Best Supporting Actress 1990
Poor Annette Bening. When she delivers her best performances and the Academy takes notice of her, she is always up against some of the best female performances of all time. This group of female nominees is the best I could find all in one group in the Supporting Actress category. This was the hardest one to select. Often times it is one or two outstanding performances by actresses up against a bunch of nothing special nominees from movies that are either fantastic and they rode the wave of acclaim to an Oscar nomination or were the standout elements from an otherwise subpar movie. But in 1990 the Academy selected great roles from five great or at the very least very very good movies. I would have given the Academy Award to Lorraine Bracco for her superb role as mob wife Karen Hill in Goodfellas who let herself get seduced by her husbands Mafia lifestyle knowing the risks that it came with.

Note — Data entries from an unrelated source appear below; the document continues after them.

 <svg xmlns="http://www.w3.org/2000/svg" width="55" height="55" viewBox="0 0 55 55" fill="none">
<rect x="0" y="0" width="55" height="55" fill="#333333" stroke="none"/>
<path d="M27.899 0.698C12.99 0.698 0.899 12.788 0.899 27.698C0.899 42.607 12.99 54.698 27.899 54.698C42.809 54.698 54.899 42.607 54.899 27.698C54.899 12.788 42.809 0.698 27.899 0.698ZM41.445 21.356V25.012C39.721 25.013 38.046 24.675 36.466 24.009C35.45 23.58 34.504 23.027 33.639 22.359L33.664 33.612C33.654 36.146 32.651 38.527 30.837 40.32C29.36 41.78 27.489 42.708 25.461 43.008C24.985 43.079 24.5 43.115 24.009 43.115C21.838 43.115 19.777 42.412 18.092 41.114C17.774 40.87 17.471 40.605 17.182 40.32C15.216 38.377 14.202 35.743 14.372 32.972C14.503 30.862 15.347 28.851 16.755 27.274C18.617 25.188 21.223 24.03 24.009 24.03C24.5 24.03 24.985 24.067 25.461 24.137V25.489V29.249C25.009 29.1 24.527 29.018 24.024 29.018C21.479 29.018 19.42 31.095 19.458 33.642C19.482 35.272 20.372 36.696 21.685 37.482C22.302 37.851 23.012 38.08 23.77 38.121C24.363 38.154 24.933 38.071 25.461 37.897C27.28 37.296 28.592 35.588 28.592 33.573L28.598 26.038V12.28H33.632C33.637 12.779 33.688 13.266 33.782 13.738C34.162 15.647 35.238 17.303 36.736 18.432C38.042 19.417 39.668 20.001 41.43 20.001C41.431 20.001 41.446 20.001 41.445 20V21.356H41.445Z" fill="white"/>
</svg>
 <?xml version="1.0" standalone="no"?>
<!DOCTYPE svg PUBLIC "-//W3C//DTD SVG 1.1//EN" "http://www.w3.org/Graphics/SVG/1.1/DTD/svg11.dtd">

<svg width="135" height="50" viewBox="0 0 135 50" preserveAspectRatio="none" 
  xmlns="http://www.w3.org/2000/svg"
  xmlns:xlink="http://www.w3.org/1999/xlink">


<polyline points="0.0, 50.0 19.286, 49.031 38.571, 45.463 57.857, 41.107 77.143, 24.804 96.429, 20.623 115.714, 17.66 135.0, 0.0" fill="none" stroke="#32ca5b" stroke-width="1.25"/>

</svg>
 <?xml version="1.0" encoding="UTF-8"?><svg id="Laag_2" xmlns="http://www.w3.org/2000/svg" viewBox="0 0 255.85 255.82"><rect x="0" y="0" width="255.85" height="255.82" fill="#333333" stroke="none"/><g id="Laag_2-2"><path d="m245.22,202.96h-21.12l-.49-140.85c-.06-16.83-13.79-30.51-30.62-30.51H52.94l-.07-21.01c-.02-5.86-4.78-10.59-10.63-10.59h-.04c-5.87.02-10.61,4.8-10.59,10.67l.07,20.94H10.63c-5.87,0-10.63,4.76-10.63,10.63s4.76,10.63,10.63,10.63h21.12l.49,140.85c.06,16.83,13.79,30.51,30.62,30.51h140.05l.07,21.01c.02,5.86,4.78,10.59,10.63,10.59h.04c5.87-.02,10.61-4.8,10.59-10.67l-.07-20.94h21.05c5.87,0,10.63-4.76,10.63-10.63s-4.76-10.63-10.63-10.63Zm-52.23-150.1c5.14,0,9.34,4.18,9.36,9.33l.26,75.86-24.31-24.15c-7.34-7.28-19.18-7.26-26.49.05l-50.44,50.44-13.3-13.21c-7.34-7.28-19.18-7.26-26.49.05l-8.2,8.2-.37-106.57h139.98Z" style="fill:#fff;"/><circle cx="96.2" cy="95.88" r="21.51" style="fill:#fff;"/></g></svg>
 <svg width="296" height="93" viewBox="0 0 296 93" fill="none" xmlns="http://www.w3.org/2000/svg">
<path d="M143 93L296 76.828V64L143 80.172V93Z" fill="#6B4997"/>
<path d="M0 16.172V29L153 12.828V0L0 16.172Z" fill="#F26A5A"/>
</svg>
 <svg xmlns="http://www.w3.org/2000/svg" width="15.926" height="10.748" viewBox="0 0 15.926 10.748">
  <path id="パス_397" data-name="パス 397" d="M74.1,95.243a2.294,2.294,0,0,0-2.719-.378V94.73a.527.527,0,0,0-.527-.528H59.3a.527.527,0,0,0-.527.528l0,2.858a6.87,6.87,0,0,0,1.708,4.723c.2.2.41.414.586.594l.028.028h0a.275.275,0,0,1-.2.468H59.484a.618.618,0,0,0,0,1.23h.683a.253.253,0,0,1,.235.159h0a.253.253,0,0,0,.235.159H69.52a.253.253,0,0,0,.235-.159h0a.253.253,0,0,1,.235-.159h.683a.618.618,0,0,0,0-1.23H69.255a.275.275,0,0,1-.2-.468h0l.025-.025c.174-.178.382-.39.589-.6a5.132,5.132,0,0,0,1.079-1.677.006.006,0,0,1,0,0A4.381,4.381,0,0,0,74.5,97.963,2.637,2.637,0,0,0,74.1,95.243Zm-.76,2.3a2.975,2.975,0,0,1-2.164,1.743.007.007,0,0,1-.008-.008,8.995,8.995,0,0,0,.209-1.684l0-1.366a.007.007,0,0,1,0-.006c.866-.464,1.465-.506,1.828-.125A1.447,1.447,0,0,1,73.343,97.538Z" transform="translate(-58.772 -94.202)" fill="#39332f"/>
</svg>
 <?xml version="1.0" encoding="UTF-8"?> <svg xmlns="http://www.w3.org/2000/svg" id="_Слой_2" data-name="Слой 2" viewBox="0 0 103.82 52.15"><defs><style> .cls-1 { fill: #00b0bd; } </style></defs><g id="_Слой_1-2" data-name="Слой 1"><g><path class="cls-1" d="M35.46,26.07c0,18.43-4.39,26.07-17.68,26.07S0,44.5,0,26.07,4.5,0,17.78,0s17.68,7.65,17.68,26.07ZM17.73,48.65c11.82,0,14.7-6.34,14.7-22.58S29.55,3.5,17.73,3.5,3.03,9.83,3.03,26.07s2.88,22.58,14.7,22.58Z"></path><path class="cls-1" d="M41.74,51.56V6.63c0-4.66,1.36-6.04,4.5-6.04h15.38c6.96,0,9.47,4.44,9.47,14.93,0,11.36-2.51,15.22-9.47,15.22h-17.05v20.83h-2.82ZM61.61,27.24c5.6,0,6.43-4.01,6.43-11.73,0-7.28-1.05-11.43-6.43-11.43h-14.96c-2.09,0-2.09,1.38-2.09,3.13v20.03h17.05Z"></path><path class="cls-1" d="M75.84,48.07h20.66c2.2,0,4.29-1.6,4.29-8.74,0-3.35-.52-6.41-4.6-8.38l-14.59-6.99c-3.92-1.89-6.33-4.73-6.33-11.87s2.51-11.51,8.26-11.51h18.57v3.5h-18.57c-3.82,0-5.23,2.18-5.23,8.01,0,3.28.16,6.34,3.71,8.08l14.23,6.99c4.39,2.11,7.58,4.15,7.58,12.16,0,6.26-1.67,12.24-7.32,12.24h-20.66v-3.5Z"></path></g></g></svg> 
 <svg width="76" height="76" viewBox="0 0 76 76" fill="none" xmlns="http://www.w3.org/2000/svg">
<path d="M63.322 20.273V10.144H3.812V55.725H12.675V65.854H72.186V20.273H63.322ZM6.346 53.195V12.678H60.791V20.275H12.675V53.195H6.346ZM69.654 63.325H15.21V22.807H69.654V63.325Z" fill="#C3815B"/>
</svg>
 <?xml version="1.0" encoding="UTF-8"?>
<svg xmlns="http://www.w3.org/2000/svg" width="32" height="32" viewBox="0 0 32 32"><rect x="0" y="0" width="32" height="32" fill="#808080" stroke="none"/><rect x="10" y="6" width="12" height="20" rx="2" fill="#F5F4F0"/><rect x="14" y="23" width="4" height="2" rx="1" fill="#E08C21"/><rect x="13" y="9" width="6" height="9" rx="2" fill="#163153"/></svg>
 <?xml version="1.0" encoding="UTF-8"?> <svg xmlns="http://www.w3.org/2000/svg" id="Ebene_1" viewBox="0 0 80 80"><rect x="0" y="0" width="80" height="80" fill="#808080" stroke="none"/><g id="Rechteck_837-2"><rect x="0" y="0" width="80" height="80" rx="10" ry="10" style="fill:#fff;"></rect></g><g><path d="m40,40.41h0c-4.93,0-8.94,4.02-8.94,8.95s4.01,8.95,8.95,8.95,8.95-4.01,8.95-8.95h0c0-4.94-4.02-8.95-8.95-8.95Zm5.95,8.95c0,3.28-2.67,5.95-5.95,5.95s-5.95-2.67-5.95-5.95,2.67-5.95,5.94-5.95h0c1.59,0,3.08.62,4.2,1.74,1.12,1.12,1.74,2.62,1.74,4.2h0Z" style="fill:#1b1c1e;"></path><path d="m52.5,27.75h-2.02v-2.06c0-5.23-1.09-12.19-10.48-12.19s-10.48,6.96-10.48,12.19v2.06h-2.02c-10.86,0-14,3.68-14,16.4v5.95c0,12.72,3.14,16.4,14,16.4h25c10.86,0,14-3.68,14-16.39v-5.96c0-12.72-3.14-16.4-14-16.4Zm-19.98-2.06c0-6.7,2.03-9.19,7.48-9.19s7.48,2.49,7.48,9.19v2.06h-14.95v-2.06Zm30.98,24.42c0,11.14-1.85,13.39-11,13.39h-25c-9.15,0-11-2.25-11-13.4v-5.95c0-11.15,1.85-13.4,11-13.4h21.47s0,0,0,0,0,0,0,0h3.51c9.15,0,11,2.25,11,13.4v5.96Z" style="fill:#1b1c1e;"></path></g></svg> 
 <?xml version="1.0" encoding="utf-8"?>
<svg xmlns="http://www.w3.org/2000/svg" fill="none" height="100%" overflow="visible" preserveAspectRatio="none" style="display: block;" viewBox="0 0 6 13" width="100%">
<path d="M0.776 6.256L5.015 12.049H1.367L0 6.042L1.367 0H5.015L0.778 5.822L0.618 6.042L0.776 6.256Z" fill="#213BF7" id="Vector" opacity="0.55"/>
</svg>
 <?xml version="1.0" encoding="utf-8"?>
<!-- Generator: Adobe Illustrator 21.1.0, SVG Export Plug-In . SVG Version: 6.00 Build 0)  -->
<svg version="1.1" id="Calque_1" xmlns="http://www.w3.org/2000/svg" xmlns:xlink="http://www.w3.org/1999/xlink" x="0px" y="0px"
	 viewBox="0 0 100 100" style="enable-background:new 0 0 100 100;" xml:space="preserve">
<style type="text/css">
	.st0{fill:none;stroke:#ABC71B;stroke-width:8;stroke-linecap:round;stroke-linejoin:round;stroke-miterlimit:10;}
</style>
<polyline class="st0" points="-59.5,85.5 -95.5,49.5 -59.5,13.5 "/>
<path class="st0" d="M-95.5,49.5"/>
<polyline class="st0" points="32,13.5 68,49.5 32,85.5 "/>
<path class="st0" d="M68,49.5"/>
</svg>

She grew, evolved and matured on screen before our very eyes with just a little make-up, hairstyling and a lot of immense talent with the emotions she delivered from her face and voice. The Academy instead chose to go with the popular choice of Whoopi Goldberg in the crowd-pleasing romantic hit Ghost. Whoopi became the first African-American woman to win an Oscar since Hattie McDaniel broke the Hollywood color barrier in 1939. Talk about a long time coming. Knowing that it makes it tough to argue against the Academy’s decision to honor Whoopi Goldberg even though Lorraine Bracco was the strongest performance of the bunch and Diane Ladd certainly the second best of the nominees as the mother in law from Hell determined to destroy her daughter’s passionate relationship in David Lynch’s Wild at Heart. Bening is great and has never been sexier than in The Grifters and Mary McDonnell is the example of a performance riding the coattails of Best Picture favorite and eventual winner Dances With Wolves to a nomination, but the difference here is that the movie is actually a sweeping historical epic and she delivers a terrific Oscar-worthy performance. I challenge anyone to find a more deserving five nominees in the history of this category or in fact a better group of nominees from any of the Best Oscar Lineups chosen for this article. These are five times the Academy had a treasure chest full of worthy performances and they honored the best performances and films from their respective years.